Reversing row/column $$$i$$$ twice $$$<=>$$$ not reversing it at all. Thus we will reverse a row/column once or not reverse it at all.

Lets observe all pairs $$$(i, j), i <= n / 2, j <= m / 2$$$. Lets look at 4 options of reversing/not reversing i/j(e.g. reversing $$$i$$$, not reversing $$$j$$$). Only options that put $$$a[i][j], a[i][n - j + 1], a[n - i + 1][j], a[n - i + 1][n - j + 1]$$$ in their right positions are acceptable. Observe different cases and you will see that only following scenarios are possible.(state of row/column $$$i$$$ shows whether $$$i$$$ is reversed or not)
1) Row i must be reversed/not reversed. We can determine state of row i.
2) Column j must be reversed/not reversed. We can determine state of column j.
3) i_is_reversed must be equal to j_is_reversed. Lets connect row $$$i$$$ and column $$$j$$$ with an unordered edge of first type.
4) i_is_reversed can't be equal to j_is_reversed. Lets connect row $$$i$$$ and column $$$j$$$ with an unordered edge of second type.

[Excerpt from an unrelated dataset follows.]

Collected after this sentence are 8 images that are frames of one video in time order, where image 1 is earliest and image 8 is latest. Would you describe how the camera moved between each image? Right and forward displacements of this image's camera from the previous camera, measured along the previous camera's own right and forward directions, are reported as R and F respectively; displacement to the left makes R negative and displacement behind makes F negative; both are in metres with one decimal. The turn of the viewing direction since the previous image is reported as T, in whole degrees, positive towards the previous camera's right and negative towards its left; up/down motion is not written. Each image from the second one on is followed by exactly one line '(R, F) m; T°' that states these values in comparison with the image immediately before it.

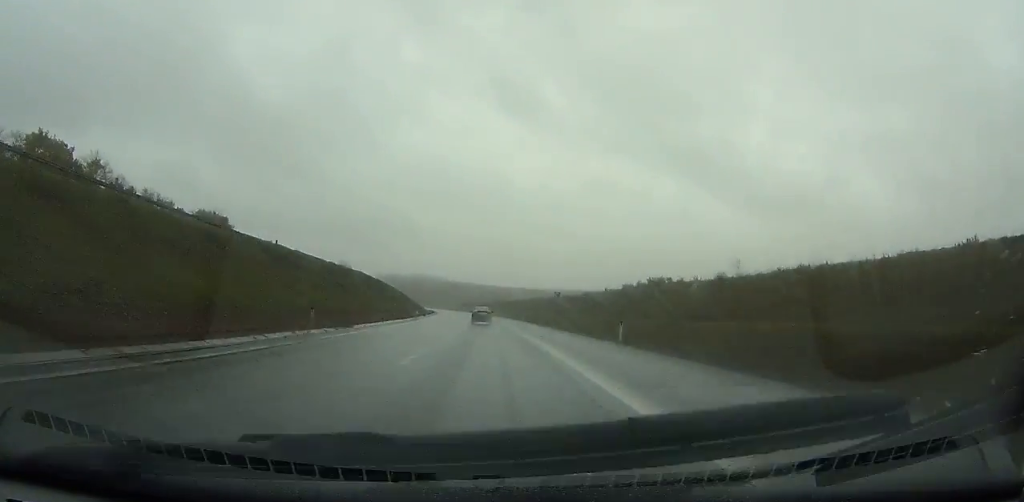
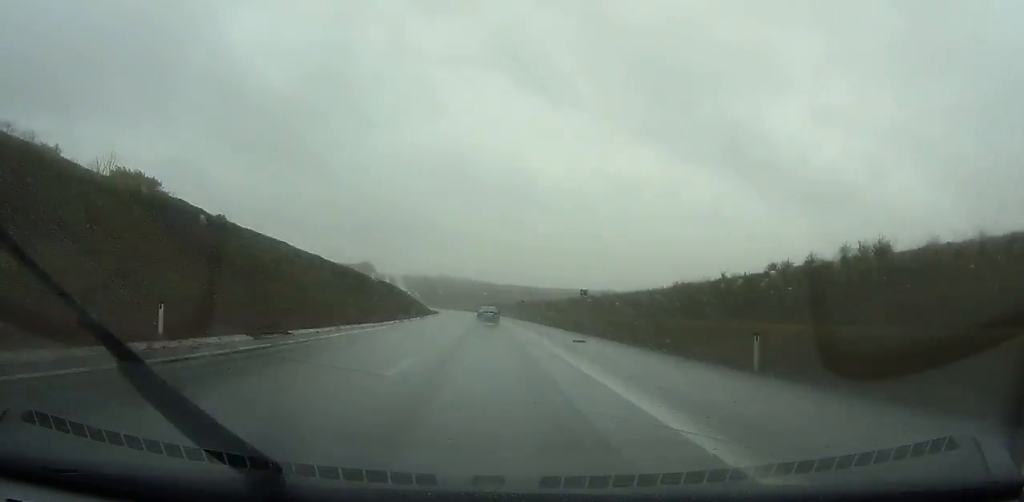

If state of $$$i$$$ is already set, $$$i$$$ and $$$j$$$ are connected with an edge than we can determine state of $$$j$$$. Lets iterate over rows $$$1, 2, ..., n / 2$$$ and columns $$$1, 2, ..., m / 2$$$. If current row's/column's state is already determined than lets throw a DFS from current row/column, setting other rows/columns that DFS gets to. If current row's/column's state is not determined than lets try both options. Set its state to true, send a DFS. Then set its state to false, send a DFS. Choose option with less reverse operations.